Remember why Jesus came. Jesus came to pay the price for your place in heaven. Do not underestimate the cost for that place in heaven. On this Memorial Day weekend we gratefully recall the cost for the freedoms that we enjoy as citizens of the United States of America. We appreciate the sacrifice of those in our military and their families, the very high price that has been paid. The sacrifice of time, energy and even life itself. But all of those sacrifices combined cannot even begin to pay for the price for even a single place in heaven. Heaven’s home and the unending peace that comes with it, required God sacrificing his own life. As the Bible says of Jesus, “With your blood you purchased for God persons from every tribe and language and people and nation” (Revelation 5:9). Jesus battled the devil at the cross and was willing to give his life in our place. He suffered the eternal death of hell that is required of us, for our sinful doubting and our demanding of God. He poured out his holy, precious blood, as the payment for us to live in heaven’s home, to be live in the eternal peace of God’s presence. Jesus’ resurrection from the dead is receipt of his purchase, confirmation of our your reservation in heaven’s home. But in order for Jesus to take us there, first Jesus needs to go there.

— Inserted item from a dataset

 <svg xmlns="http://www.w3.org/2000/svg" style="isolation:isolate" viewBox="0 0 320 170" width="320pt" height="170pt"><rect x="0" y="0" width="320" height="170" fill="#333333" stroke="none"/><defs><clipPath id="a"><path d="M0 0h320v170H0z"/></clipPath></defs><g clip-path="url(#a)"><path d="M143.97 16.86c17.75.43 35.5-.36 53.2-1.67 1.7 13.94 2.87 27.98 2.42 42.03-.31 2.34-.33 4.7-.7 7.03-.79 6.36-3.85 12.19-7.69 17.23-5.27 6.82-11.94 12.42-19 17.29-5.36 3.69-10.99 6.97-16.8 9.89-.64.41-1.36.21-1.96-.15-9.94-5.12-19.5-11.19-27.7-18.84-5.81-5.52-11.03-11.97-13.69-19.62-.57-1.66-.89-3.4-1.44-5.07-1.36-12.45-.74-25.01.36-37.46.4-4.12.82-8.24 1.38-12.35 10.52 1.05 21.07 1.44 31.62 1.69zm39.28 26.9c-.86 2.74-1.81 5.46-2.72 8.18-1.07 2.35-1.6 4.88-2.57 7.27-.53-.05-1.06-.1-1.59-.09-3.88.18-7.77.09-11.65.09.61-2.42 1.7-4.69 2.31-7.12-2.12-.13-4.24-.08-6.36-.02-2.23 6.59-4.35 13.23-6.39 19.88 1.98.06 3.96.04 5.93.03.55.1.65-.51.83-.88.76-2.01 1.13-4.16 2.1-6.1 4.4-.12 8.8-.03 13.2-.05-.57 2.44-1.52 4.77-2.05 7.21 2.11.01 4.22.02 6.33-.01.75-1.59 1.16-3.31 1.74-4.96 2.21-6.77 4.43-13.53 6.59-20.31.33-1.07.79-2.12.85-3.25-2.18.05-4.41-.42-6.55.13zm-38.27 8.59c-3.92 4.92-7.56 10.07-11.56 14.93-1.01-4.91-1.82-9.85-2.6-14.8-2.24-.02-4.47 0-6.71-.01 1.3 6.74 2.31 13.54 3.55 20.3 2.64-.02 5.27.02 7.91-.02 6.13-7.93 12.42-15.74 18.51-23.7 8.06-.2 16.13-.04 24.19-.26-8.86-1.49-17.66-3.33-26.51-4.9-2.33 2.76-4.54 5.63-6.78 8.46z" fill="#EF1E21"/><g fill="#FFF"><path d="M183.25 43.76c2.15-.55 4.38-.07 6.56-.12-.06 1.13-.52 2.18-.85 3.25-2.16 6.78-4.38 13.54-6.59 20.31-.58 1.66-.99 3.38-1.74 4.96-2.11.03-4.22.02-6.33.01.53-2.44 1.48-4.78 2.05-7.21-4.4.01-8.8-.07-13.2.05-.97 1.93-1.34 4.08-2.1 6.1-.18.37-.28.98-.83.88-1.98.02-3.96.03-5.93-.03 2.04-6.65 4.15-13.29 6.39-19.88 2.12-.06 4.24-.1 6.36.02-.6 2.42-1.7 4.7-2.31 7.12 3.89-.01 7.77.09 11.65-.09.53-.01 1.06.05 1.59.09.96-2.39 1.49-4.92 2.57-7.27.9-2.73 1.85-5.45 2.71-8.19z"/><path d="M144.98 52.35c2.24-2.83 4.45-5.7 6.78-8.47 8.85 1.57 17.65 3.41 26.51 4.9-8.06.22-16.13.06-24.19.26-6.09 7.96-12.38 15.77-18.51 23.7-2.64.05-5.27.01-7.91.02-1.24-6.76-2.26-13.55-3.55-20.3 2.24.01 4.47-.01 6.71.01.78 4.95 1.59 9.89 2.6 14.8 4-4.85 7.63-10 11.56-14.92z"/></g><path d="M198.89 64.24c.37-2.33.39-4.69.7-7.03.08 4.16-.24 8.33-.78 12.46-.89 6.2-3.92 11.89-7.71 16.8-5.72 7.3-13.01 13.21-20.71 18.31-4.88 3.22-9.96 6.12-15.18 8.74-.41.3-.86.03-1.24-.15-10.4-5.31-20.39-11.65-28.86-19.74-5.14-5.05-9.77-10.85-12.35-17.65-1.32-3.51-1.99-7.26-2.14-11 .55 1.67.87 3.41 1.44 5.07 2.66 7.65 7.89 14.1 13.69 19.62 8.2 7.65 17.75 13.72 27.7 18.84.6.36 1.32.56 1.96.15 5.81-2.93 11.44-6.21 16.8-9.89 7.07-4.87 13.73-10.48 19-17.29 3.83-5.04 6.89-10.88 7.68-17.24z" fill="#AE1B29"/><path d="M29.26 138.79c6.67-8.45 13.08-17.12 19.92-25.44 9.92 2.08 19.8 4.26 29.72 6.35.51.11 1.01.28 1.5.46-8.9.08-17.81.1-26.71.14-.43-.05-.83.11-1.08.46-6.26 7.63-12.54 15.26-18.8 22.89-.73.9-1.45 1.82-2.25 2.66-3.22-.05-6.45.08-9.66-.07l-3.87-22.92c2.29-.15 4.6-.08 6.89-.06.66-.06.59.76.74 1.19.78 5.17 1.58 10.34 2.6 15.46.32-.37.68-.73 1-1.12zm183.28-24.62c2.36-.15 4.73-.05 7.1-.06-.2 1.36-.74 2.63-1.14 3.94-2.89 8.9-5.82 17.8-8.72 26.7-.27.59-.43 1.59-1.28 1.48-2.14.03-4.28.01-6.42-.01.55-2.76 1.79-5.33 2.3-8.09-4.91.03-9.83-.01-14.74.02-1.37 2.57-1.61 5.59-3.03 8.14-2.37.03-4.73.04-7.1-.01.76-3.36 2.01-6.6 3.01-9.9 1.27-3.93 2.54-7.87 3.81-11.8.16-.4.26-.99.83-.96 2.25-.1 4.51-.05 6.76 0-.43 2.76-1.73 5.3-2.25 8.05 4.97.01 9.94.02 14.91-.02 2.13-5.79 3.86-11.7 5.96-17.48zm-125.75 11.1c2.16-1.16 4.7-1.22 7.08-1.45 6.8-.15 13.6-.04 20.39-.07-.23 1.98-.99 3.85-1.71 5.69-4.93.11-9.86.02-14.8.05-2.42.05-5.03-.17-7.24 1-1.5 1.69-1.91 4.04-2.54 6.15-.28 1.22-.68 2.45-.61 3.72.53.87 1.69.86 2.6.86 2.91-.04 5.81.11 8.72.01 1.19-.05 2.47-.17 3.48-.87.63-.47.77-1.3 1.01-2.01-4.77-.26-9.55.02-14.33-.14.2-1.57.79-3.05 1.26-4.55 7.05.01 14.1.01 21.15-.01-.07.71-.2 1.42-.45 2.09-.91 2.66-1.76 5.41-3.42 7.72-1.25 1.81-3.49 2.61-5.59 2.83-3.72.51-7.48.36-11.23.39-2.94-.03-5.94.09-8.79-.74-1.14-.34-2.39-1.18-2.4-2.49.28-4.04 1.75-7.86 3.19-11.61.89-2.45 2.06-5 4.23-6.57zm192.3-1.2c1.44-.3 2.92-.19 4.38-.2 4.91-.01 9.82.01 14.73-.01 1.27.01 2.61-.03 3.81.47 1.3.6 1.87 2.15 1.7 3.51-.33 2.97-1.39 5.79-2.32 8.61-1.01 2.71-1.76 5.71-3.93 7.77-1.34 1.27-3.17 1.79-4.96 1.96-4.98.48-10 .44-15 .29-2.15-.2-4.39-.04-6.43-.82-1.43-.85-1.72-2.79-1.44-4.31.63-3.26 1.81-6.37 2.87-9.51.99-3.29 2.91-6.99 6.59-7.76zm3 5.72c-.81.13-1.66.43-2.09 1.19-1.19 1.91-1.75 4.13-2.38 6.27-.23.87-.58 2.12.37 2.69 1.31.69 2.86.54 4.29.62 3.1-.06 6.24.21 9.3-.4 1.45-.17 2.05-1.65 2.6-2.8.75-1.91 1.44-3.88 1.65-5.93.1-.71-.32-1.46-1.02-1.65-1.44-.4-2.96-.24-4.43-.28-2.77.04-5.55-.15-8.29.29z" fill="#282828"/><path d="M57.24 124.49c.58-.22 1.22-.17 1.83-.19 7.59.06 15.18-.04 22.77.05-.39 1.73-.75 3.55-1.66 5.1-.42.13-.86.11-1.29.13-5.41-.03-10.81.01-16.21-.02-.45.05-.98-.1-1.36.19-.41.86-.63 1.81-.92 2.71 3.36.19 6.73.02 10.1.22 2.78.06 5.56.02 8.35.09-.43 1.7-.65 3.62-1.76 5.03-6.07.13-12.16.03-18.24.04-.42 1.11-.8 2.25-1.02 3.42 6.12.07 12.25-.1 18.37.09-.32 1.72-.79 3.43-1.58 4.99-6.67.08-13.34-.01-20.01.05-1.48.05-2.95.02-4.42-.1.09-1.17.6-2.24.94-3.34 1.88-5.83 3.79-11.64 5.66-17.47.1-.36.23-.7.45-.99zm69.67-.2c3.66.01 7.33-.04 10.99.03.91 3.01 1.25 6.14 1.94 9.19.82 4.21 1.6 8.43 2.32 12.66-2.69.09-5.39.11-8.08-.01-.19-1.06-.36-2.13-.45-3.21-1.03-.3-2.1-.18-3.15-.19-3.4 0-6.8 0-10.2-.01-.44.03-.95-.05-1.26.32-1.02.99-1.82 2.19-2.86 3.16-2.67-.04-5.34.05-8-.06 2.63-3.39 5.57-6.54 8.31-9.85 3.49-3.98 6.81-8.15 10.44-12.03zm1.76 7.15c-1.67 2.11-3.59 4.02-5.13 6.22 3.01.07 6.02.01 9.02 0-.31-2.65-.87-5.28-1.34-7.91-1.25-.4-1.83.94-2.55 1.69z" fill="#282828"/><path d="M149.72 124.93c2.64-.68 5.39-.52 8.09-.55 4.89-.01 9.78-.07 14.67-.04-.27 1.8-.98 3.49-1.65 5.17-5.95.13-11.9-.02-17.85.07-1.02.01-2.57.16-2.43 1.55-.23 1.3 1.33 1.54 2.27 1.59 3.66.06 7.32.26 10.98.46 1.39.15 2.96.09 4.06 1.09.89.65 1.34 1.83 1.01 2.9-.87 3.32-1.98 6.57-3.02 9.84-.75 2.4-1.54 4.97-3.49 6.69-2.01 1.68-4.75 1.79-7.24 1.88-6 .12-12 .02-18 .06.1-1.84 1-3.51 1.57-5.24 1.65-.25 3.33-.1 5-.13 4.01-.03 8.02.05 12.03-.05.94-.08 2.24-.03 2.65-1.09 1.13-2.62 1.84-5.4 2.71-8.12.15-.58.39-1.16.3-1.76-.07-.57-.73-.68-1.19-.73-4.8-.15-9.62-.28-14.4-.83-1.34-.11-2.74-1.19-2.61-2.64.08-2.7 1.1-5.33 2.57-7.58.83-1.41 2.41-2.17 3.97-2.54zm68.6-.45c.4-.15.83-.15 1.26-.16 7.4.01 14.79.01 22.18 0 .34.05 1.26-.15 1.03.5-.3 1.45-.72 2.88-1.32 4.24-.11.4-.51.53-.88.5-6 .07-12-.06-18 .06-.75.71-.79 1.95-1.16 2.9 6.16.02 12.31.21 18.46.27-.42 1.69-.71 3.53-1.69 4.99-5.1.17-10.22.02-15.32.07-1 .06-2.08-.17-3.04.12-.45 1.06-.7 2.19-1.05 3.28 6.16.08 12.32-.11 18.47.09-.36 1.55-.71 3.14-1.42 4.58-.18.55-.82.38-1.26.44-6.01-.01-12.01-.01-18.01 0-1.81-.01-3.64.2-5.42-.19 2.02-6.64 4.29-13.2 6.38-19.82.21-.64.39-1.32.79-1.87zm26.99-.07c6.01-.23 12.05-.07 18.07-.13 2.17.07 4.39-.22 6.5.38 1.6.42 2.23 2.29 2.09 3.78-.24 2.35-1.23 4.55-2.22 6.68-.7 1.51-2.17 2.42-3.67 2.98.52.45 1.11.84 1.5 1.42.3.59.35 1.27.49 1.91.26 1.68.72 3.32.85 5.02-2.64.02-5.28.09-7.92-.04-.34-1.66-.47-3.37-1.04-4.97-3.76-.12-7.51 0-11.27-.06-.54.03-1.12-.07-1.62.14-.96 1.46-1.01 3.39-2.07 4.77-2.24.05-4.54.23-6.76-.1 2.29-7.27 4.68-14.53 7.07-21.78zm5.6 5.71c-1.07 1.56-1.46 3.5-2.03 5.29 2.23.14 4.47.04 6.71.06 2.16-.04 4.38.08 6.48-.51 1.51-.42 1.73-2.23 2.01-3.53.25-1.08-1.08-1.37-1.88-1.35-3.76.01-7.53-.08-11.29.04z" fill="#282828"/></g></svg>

You see, just as Jesus came INTO this world with a specific purpose (to pay the price for our place in heaven), so Jesus LEAVES this world with a specific purpose. He leaves so that he can come back to take us to that place he has prepared for you in heaven. That is the promise that Jesus fulfills every time a Christian dies. Like that parent who returns at the end of the school day to pick up their child just as they promised, so Jesus immediately comes to pick up his children from this world on the day of their death, just as he promised.
Jesus’ disciples needed to be reminded of that. We need to be reminded of that promise. Why? Because we so easily can lose sight of it in the troubling circumstances of our lives. If I’ve visited you in the hospital you’ve probably heard me say, “I’m not here to tell you anything new. I’m hear to remind you of what you already know.” God is not constantly reinventing his message to meet popular opinion or what’s trending now. Instead we have a God who is consistent and faithful, who simply reminds us of why he came, why has gone, and how he will come back for you. In that we find what Jesus promised, “Peace I leave with you; my peace I give you… Do not let your hearts be troubled and do not be afraid.” (John 14:27). It’s okay to let go because Jesus never will. Amen.